MATLAB Examples

funmin_g

1-D guaranteed global minimum value on [a,b] and the subset containing optimal solutions

Contents

Syntax

fmin = funmin_g(f)

fmin = funmin_g(f,a,b,abstol,TolX)

fmin = funmin_g(f,'a',a,'b',b,'abstol',abstol,'TolX',TolX)

fmin = funmin_g(f,in_param)

[fmin, out_param] = funmin_g(f,...)

Description

fmin = funmin_g(f) finds minimum value of function f on the default interval [0,1] within the guaranteed absolute error tolerance of 1e-6 and the X tolerance of 1e-3. Default initial number of points is 100 and default cost budget is 1e7. Input f is a function handle.

fmin = funmin_g(f,a,b,abstol,TolX) finds minimum value of function f with ordered input parameters that define the finite interval [a,b], a guaranteed absolute error tolerance abstol and a guaranteed X tolerance TolX.

fmin = funmin_g(f,'a',a,'b',b,'abstol',abstol,'TolX',TolX) finds minimum value of function f on the interval [a,b] with a guaranteed absolute error tolerance abstol and a guaranteed X tolerance TolX. All five field-value pairs are optional and can be supplied in different order.

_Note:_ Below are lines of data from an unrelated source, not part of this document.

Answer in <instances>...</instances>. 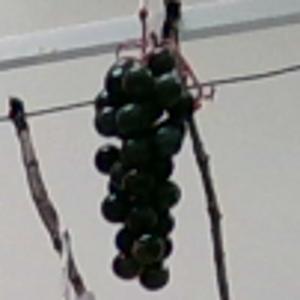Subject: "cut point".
Instances as JSON below:
<instances>
[{"label": "cut point", "mask_w": 300, "mask_h": 300, "mask_svg": "<svg viewBox=\"0 0 300 300\" xmlns=\"http://www.w3.org/2000/svg\"><path fill=\"white\" fill-rule=\"evenodd\" d=\"M151 8L150 0H139V6L135 12V19L141 27L142 32V43H141V53L139 59L142 60L145 55H147V36H148V26L151 21Z\"/></svg>", "instance_id": "obj_1"}]
</instances>
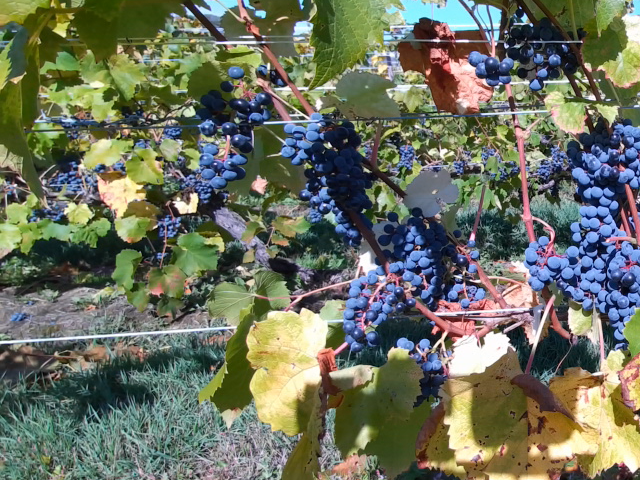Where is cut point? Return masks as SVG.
Wrapping results in <instances>:
<instances>
[{
	"instance_id": "1",
	"label": "cut point",
	"mask_w": 640,
	"mask_h": 480,
	"mask_svg": "<svg viewBox=\"0 0 640 480\" xmlns=\"http://www.w3.org/2000/svg\"><path fill=\"white\" fill-rule=\"evenodd\" d=\"M531 217L533 219V222L540 223L545 229H547L549 231L551 239H555L556 238L555 231H554V228H553L552 225L546 223L544 219L536 217L533 214H531Z\"/></svg>"
}]
</instances>
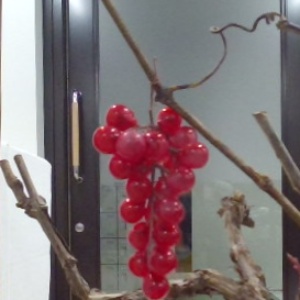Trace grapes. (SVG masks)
<instances>
[{
    "instance_id": "grapes-1",
    "label": "grapes",
    "mask_w": 300,
    "mask_h": 300,
    "mask_svg": "<svg viewBox=\"0 0 300 300\" xmlns=\"http://www.w3.org/2000/svg\"><path fill=\"white\" fill-rule=\"evenodd\" d=\"M159 125L136 122L124 103L107 111L105 125L92 133V147L110 154L109 173L125 179L128 198L119 206L124 223L135 224L128 232L137 250L128 260L135 277L145 278L143 293L159 300L170 290L167 273L178 267L171 246L181 240L179 221L186 211L178 197L195 185L192 169L204 167L209 150L197 139V130L181 127L183 117L166 106L158 112Z\"/></svg>"
}]
</instances>
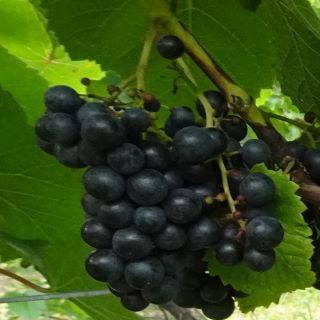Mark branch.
Segmentation results:
<instances>
[{"mask_svg":"<svg viewBox=\"0 0 320 320\" xmlns=\"http://www.w3.org/2000/svg\"><path fill=\"white\" fill-rule=\"evenodd\" d=\"M145 5L151 24L162 23L171 35L180 38L189 54L205 74L224 94L229 111L240 116L254 130L259 140L266 143L274 155L283 175H290V182L299 185L311 204L320 210V186L310 178L309 171L291 156L288 141L275 129L271 120L257 107L255 98L235 84L220 68L211 55L201 46L188 28L170 9V0H137Z\"/></svg>","mask_w":320,"mask_h":320,"instance_id":"obj_1","label":"branch"}]
</instances>
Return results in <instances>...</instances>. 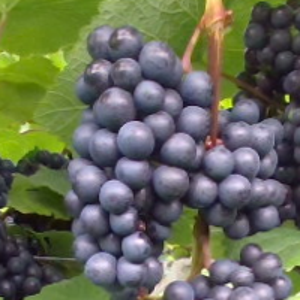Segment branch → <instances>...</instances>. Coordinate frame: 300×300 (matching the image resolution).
<instances>
[{
	"mask_svg": "<svg viewBox=\"0 0 300 300\" xmlns=\"http://www.w3.org/2000/svg\"><path fill=\"white\" fill-rule=\"evenodd\" d=\"M206 27L211 36V50L207 63V73L213 78V126L210 145L217 144L218 107L220 105L221 60L223 57V35H227L233 24L234 14L225 8L222 0H205Z\"/></svg>",
	"mask_w": 300,
	"mask_h": 300,
	"instance_id": "1",
	"label": "branch"
},
{
	"mask_svg": "<svg viewBox=\"0 0 300 300\" xmlns=\"http://www.w3.org/2000/svg\"><path fill=\"white\" fill-rule=\"evenodd\" d=\"M207 239L210 241L209 235V227L204 217L197 216V238H196V256H195V264L194 268H192V273L190 277L187 279V283H190L195 276V274H199L203 266V258H202V240Z\"/></svg>",
	"mask_w": 300,
	"mask_h": 300,
	"instance_id": "2",
	"label": "branch"
}]
</instances>
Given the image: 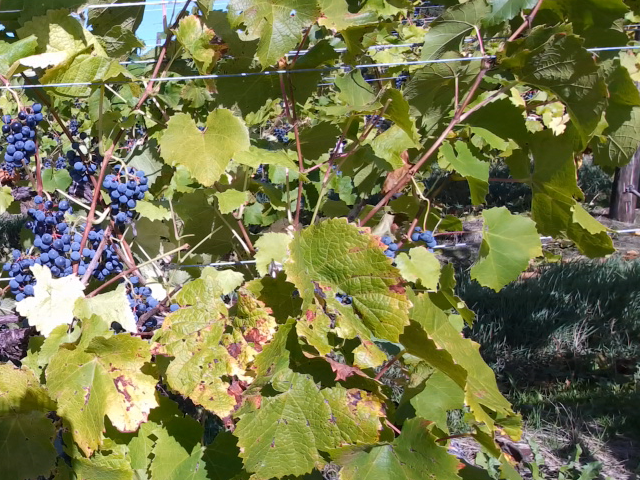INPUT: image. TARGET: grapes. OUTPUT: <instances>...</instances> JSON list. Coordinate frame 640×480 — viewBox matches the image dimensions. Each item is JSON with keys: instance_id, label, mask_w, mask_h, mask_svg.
<instances>
[{"instance_id": "1", "label": "grapes", "mask_w": 640, "mask_h": 480, "mask_svg": "<svg viewBox=\"0 0 640 480\" xmlns=\"http://www.w3.org/2000/svg\"><path fill=\"white\" fill-rule=\"evenodd\" d=\"M59 211L53 214L45 213L41 209H30L28 215L34 218V221H26L24 228L32 231L35 235L33 245L40 247L41 253L39 257L31 259L19 260L22 252L19 249L11 251L12 258L19 260L18 262H5L1 265L3 271H9L8 275L12 278L7 282L10 292L16 295L18 302L24 301L26 295L34 293L33 287L36 280L31 272H25L31 269L35 264L45 265L50 269V273L55 277H65L71 275L73 261L81 259L80 244L82 236L75 233L69 234V225L66 222H58V219L64 217V212L72 214L74 209L68 201H61L58 204Z\"/></svg>"}, {"instance_id": "2", "label": "grapes", "mask_w": 640, "mask_h": 480, "mask_svg": "<svg viewBox=\"0 0 640 480\" xmlns=\"http://www.w3.org/2000/svg\"><path fill=\"white\" fill-rule=\"evenodd\" d=\"M42 110L43 104L34 102L31 105V111L34 114H29L27 110H21L17 114V118L25 122V125L13 123L11 129L14 133L7 136L6 142L9 145L6 147L3 160L7 162L10 168H21L23 165L28 167L30 165L31 156L37 152L35 141L32 139L36 136L34 127L37 122L43 120Z\"/></svg>"}, {"instance_id": "3", "label": "grapes", "mask_w": 640, "mask_h": 480, "mask_svg": "<svg viewBox=\"0 0 640 480\" xmlns=\"http://www.w3.org/2000/svg\"><path fill=\"white\" fill-rule=\"evenodd\" d=\"M127 172L131 176H136L137 180L129 182H120L113 174H107L103 178L101 186L109 192V203L112 213L116 215L115 222L124 224L127 217L132 218L135 215L133 211L137 207V200L142 201L145 198V192L150 188L149 178L144 170L129 167Z\"/></svg>"}, {"instance_id": "4", "label": "grapes", "mask_w": 640, "mask_h": 480, "mask_svg": "<svg viewBox=\"0 0 640 480\" xmlns=\"http://www.w3.org/2000/svg\"><path fill=\"white\" fill-rule=\"evenodd\" d=\"M115 248L120 249V245L118 243H114V247L113 245H105L103 247L105 259L107 260V262L105 263V268L99 271L98 269L99 267H101V263H97L95 269L92 271V274L96 276V279L98 281H103L113 272L120 273L123 270V263L119 261V257L117 255L113 254L115 252Z\"/></svg>"}, {"instance_id": "5", "label": "grapes", "mask_w": 640, "mask_h": 480, "mask_svg": "<svg viewBox=\"0 0 640 480\" xmlns=\"http://www.w3.org/2000/svg\"><path fill=\"white\" fill-rule=\"evenodd\" d=\"M134 294L136 296H143L145 297L146 303L144 304L142 300L140 299H134L133 298V293L129 292L126 295V298L129 300V305L131 307H137V309L134 311V319L136 321L140 320V311H151L153 310L155 307H157L159 305V299L158 298H154L153 296H151L153 294V290L150 287H135L134 288Z\"/></svg>"}, {"instance_id": "6", "label": "grapes", "mask_w": 640, "mask_h": 480, "mask_svg": "<svg viewBox=\"0 0 640 480\" xmlns=\"http://www.w3.org/2000/svg\"><path fill=\"white\" fill-rule=\"evenodd\" d=\"M67 157L69 158V164L73 167L69 170V174L74 182L86 184L89 181V177L84 172L87 170L89 173H95L98 170L96 163H90L86 166L74 150H69Z\"/></svg>"}, {"instance_id": "7", "label": "grapes", "mask_w": 640, "mask_h": 480, "mask_svg": "<svg viewBox=\"0 0 640 480\" xmlns=\"http://www.w3.org/2000/svg\"><path fill=\"white\" fill-rule=\"evenodd\" d=\"M414 233L411 235V239L415 242L424 241L428 246L427 251L429 253H434L439 244V239L434 237L433 232L430 229H425L421 226H416L414 228Z\"/></svg>"}, {"instance_id": "8", "label": "grapes", "mask_w": 640, "mask_h": 480, "mask_svg": "<svg viewBox=\"0 0 640 480\" xmlns=\"http://www.w3.org/2000/svg\"><path fill=\"white\" fill-rule=\"evenodd\" d=\"M380 240L389 248L384 251V254L389 258H394L396 256V252L399 249V245L396 242L392 243V238L389 235H382L380 237Z\"/></svg>"}, {"instance_id": "9", "label": "grapes", "mask_w": 640, "mask_h": 480, "mask_svg": "<svg viewBox=\"0 0 640 480\" xmlns=\"http://www.w3.org/2000/svg\"><path fill=\"white\" fill-rule=\"evenodd\" d=\"M105 233H106V230L104 228L98 229L97 231L92 230L88 235V239L90 241H93L92 245L94 247H98L100 245V242L104 238Z\"/></svg>"}]
</instances>

fmin = funmin_g(f,in_param) finds minimum value of function f on the interval [in_param.a,in_param.b] with a guaranteed absolute error tolerance in_param.abstol and a guaranteed X tolerance in_param.TolX. If a field is not specified, the default value is used.

[fmin, out_param] = funmin_g(f,...) returns minimum value fmin of function f and an output structure out_param.

Input Arguments

  • f --- input function
  • in_param.a --- left end point of interval, default value is 0
  • in_param.b --- right end point of interval, default value is 1
  • in_param.abstol --- guaranteed absolute error tolerance, default value is 1e-6.
  • in_param.TolX --- guaranteed X tolerance, default value is 1e-3.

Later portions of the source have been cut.